I think you are mistaking what you are getting from looking at the memory. The AI was forced to play by the same rules as a player. They both utilized the same interfaces in the same way for controlling the ships/subs, they both utilize the exact same discovery methods and rule sets with only 1 exception: The mission scripts can be set for any ship to be aware of any other ship. In most cases, the enemy ships will be aware of your position at the beginning of the scenario, or shortly after it starts. This is likely what you were observing.

Not only does the AI not cheat, it utilizes group tactics (surface vs sub) as well as pretty standard naval strategies throughout. I know guys (not on our dev team) who could finish campaigns in a day. Some completed all the patrols and campaigns for surface and submarine for all factions within 2 weeks. Considering some of your comments, its clear you made your mind up before playing it. Nothing wrong with that, your loss not mine.
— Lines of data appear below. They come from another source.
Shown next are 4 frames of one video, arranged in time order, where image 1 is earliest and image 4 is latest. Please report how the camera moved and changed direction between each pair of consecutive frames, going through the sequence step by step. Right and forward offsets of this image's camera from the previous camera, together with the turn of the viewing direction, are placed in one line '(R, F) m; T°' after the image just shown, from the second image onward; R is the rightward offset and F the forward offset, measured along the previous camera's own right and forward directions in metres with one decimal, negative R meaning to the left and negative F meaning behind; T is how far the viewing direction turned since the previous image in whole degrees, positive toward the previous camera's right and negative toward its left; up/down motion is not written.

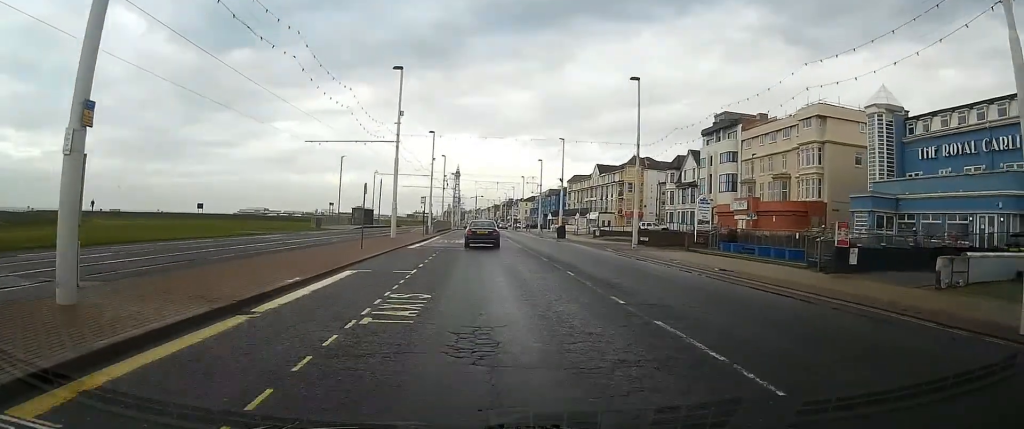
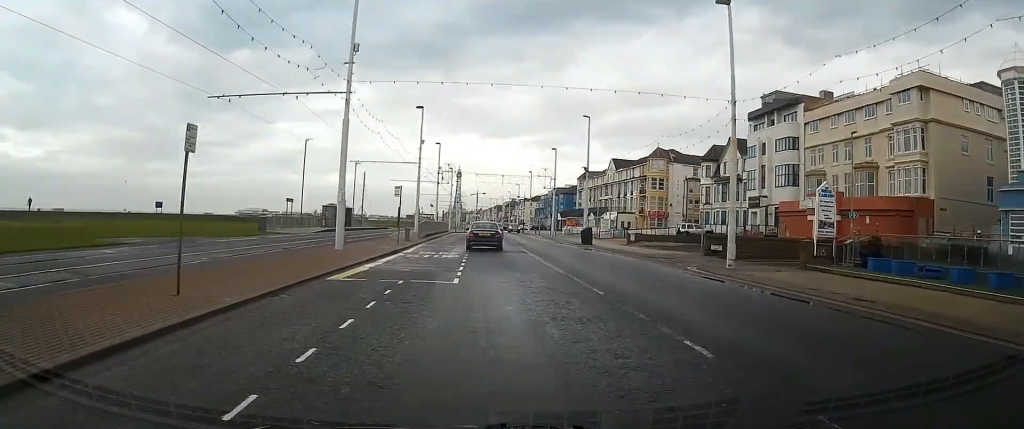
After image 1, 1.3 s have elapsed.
(-0.2, +16.2) m; 0°
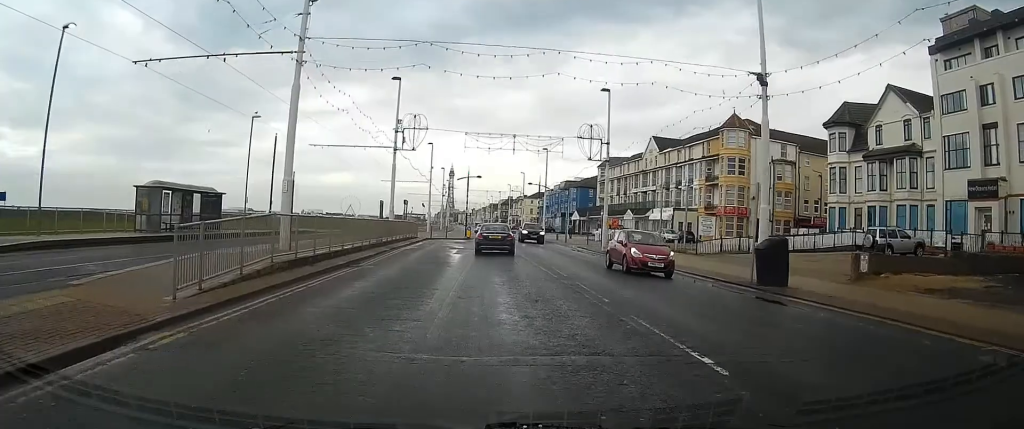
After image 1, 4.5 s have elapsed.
(+0.9, +35.9) m; +2°
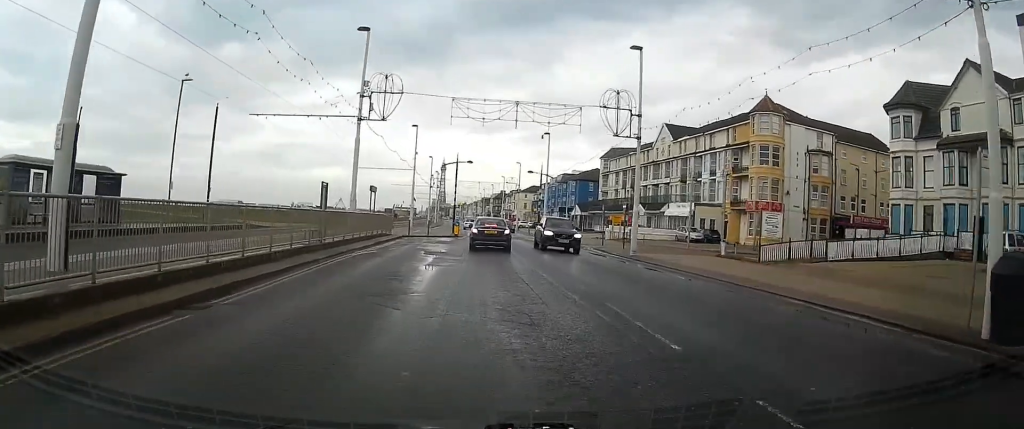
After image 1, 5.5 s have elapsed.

Incidently, even without getting a multiplayer version done, Enigma has sold very well and continues to sell a couple 1000 units a month more than 3 years after its initial release. We did it as a group of starving developers with next to ZERO funding and singlehandedly revived the genre. Don't agree? Check your history - SH3 was never coming out, UBI made that clear. Naval was dead in the water. Then Enigma started getting interest and making money...then UBI decided to re-look at SH3 (check the development start dates for yourself). Then came the Battlestations Midway video, Navy Field, et. al.

You may not like Enigma, but we accept your thanks for kicking this genre in the balls and getting it rolling again.

--East

I have to totally agree with East here. I play Enigma from time to time, most often when I really dont want to get into hours and hours of 2048x time compression and still have the uncertainty of ever finding a contact. Sure, Silent Hunter 3 is a great game, and it surpasses Enigma only if you view Enigma as a die-hard simulation, which it isnt, and never really claimed to be.

Enigma: RT delivered where it counted, an affordable submarine game that someone could just pick up and play. Who cares if its got outdated graphics? It means it runs faster. It still had three campaigns (if I recall) and some pretty damn good immersion.

Oh, and with regards to the AI, its a common misconception. No, its not the AI's fault, you just need practise.